Temperature and concentration dependent fibrillogenesis for improved magnetic alignment of collagen gels

Abstract

Collagen fibrils form the structural basis for a broad range of complex biological tissues and materials. Collagen serves as an ideal natural polymer, formed as gels or matrices, for engineering solutions aimed at the regeneration of tissues following damage or disease. Recapitulation of native tissue hierarchical structure involves the careful consideration of the fibril-microstructure of the target tissue extracellular matrix and the choice of fibrillogenesis conditions that favor spatially-dependent fibril alignment.
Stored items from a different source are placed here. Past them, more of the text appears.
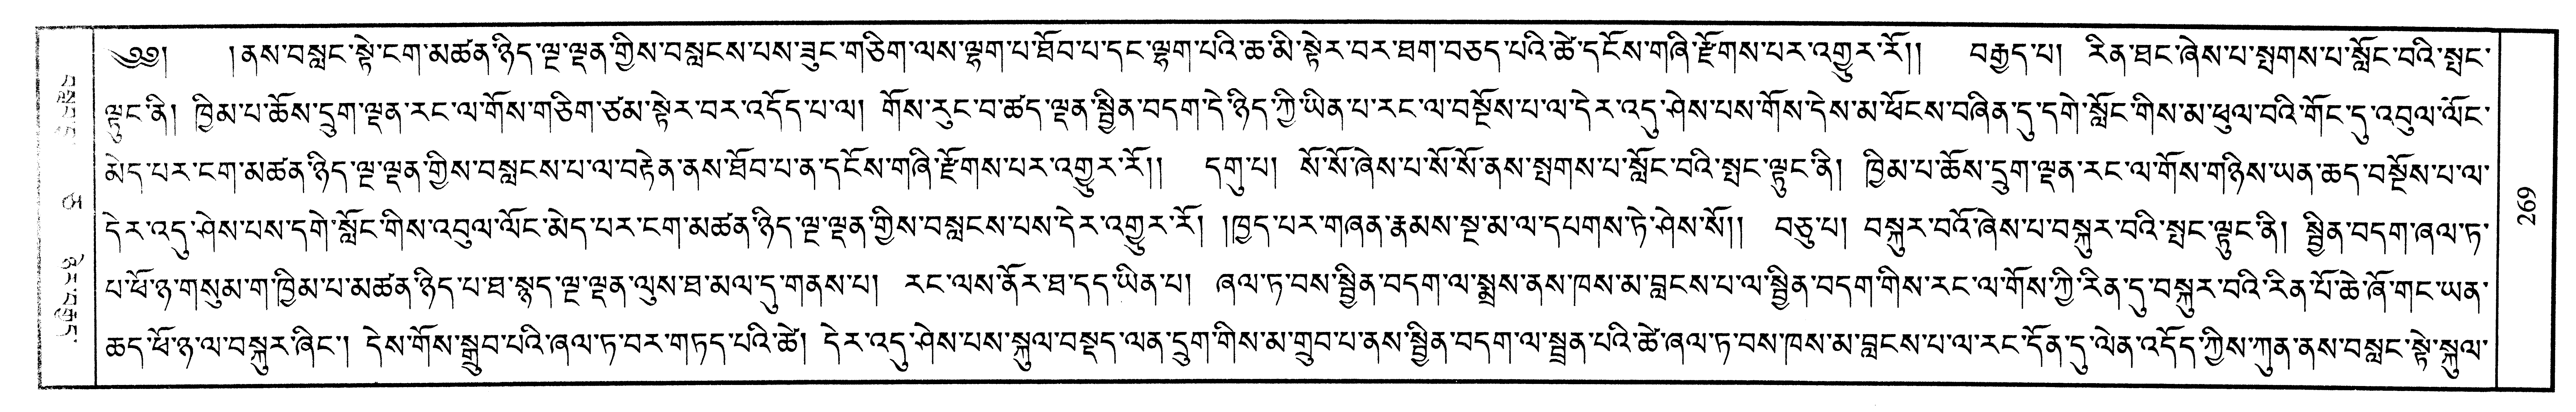༄༅། །ནས་བསླང་སྟེ་ངག་མཚན་ཉིད་ལྔ་ལྡན་གྱིས་བསླངས་པས་ཟུང་གཅིག་ལས་ལྷག་པ་ཐོབ་པ་དང་ལྷག་པའི་ཆ་མི་སྟེར་བར་ཐག་བཅད་པའི་ཚེ་དངོས་གཞི་རྫོགས་པར་འགྱུར་རོ།། བརྒྱད་པ། རིན་ཐང་ཞེས་པ་སྤགས་པ་སློང་བའི་སྤང་
ལྟུང་ནི། ཁྱིམ་པ་ཆོས་དྲུག་ལྡན་རང་ལ་གོས་གཅིག་ཙམ་སྟེར་བར་འདོད་པ་ལ། གོས་རུང་བ་ཚད་ལྡན་སྦྱིན་བདག་དེ་ཉིད་ཀྱི་ཡིན་པ་རང་ལ་བསྔོས་པ་ལ་དེར་འདུ་ཤེས་པས་གོས་དེས་མ་ཕོངས་བཞིན་དུ་དགེ་སློང་གིས་མ་ཕུལ་བའི་གོང་དུ་འབུལ་ལོང་
མེད་པར་ངག་མཚན་ཉིད་ལྔ་ལྡན་གྱིས་བསླངས་པ་ལ་བརྟེན་ནས་ཐོབ་པ་ན་དངོས་གཞི་རྫོགས་པར་འགྱུར་རོ།། དགུ་པ། སོ་སོ་ཞེས་པ་སོ་སོ་ནས་སྤགས་པ་སློང་བའི་སྤང་ལྟུང་ནི། ཁྱིམ་པ་ཆོས་དྲུག་ལྡན་རང་ལ་གོས་གཉིས་ཡན་ཆད་བསྔོས་པ་ལ་
དེར་འདུ་ཤེས་པས་དགེ་སློང་གིས་འབུལ་ལོང་མེད་པར་ངག་མཚན་ཉིད་ལྔ་ལྡན་གྱིས་བསླངས་པས་དེར་འགྱུར་རོ། །ཁྱད་པར་གཞན་རྣམས་སྔ་མ་ལ་དཔགས་ཏེ་ཤེས་སོ།། བཅུ་པ། བསྐུར་བའོ་ཞེས་པ་བསྐུར་བའི་སྤང་ལྟུང་ནི། སྦྱིན་བདག་ཞལ་ཏ་
པ་ཕོ་ཉ་གསུམ་ག་ཁྱིམ་པ་མཚན་ཉིད་པ་ཐ་སྙད་ལྔ་ལྡན་ལུས་ཐ་མལ་དུ་གནས་པ། རང་ལས་ནོར་ཐ་དད་ཡིན་པ། ཞལ་ཏ་བས་སྦྱིན་བདག་ལ་སྨྲས་ནས་ཁས་མ་བླངས་པ་ལ་སྦྱིན་བདག་གིས་རང་ལ་གོས་ཀྱི་རིན་དུ་བསྐུར་བའི་རིན་པོ་ཆེ་ཞོ་གང་ཡན་
ཆད་ཕོ་ཉ་ལ་བསྐུར་ཞིང་། དེས་གོས་སྒྲུབ་པའི་ཞལ་ཏ་བར་གཏད་པའི་ཚེ། དེར་འདུ་ཤེས་པས་སྐུལ་བསྡད་ལན་དྲུག་གིས་མ་གྲུབ་པ་ནས་སྦྱིན་བདག་ལ་སྦྲན་པའི་ཚེ་ཞལ་ཏ་བས་ཁས་མ་བླངས་པ་ལ་རང་དོན་དུ་ལེན་འདོད་ཀྱིས་ཀུན་ནས་བསླང་སྟེ་སྐུལ་

While magnetic fields non-destructively influence collagen fibrillogenesis and alignment, previous methods have demonstrated only limited control, especially when preparing large volume tissue constructs suitable for implantation. In this study, we investigate the use of temperature-controlled fibrillogenesis over a range of applicable collagen concentrations for improved magnetic alignment of polymerizable collagen-fibril gels. Magnetically aligned collagen gels show that bulk and microscale fibril alignment depend on both polymerization temperature and collagen concentration. The degree of fibril alignment at the microscale increased with decreasing polymerization temperature and collagen concentration. Further, computational simulations suggest that lower polymerization temperatures affect the internal gel temperature distribution and convective fluid velocity, potentially facilitating greater fibril alignment. This work demonstrates improvements in observed fibril anisotropy compared to previous work using similar magnetic field strengths, suggesting that temperature and collagen concentration may be utilized to achieve desired fibril alignment and structural properties. Improved control of collagen-based gel structure may better emulate native tissue structural (alignment) and physical properties, with enhanced potential for repair success in vivo.